From Varda to Dogma to Chris Marker - when a style and approach to making shapes the product enough to blur the line between the two completely.
Many people have built their own processes and thrived doing so. Few have done it better than Agnès Varda, who, in my book is one of the most successful filmmakers of all time. And that even if very few of her movies have been commercial successes.
But she has worked for over sixty years, she has kept ownership of her work, and she has had complete control over the way that she approached her filmmaking. She has explored fiction, documentaries, film essays, and combinations of all of these forms. She embraced digital as more than just a replacement for film, but as a completely new medium, when she was in her sixties. Exploring her filmography is an education in not taking anything for granted: each one of her movies is clearly hers, but they are radically different from one another. She was redefining her process almost every time she embarked on a new project, and that made them all excitingly unique.
She is considered the grandmother of the French New Wave and that movement has very often embraced the idea of adopting new processes as a way to evolve cinematic language. But what is even more interesting is the way that she has taken charge of her own career: she owned the prints of her own films and restored them to pristine condition later in her life. She chronicled her career recording introductions for every movie she has crafted. In her twilight years, she directed a documentary that is a mix between a career retrospective and a film school. The Criterion box set for her entire filmography is incredible thanks to the curators who assembled it, but it has also been possible because Varda has made a point to be relentlessly intentional about each step in her career, and what each one meant.

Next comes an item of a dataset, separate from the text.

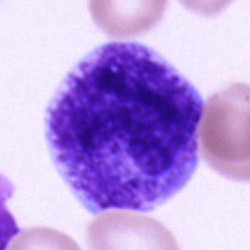

This is a progranulocyte.

The examples of artists who embraced the challenge of taking charge of their craft to similar levels are not rare, luckily. Fellow French New Wave staple Chris Marker has decided to avoid the spotlight almost completely, but he often built movies around structures that had never quite been attempted before or since, as we can see in La Jetée or Sans Soleil. Jean Luc Godard has walked across the lines of filmmaking, criticism and performance art for his whole life. The Dogma movement in the ‘90s took digital cameras and created an artistic game around its limitations. Kevin Smith has turned his life into movies and movies into life and life into podcasts and podcasts into movies and still does that now. Questlove, mentioned before, has shown how powerful it is to embrace your role as both an artist and curator of art, something that Martin Scorsese has also done for his entire life.
The key to studying these careers is that you can’t imitate anything these people have produced without being nothing but a pale copy. The only things that make any sense to take inspiration from are their attitude, spirit, and defiance. The way you turn into something completely yours is how you find a voice; and how you might end up inspiring someone else who follows.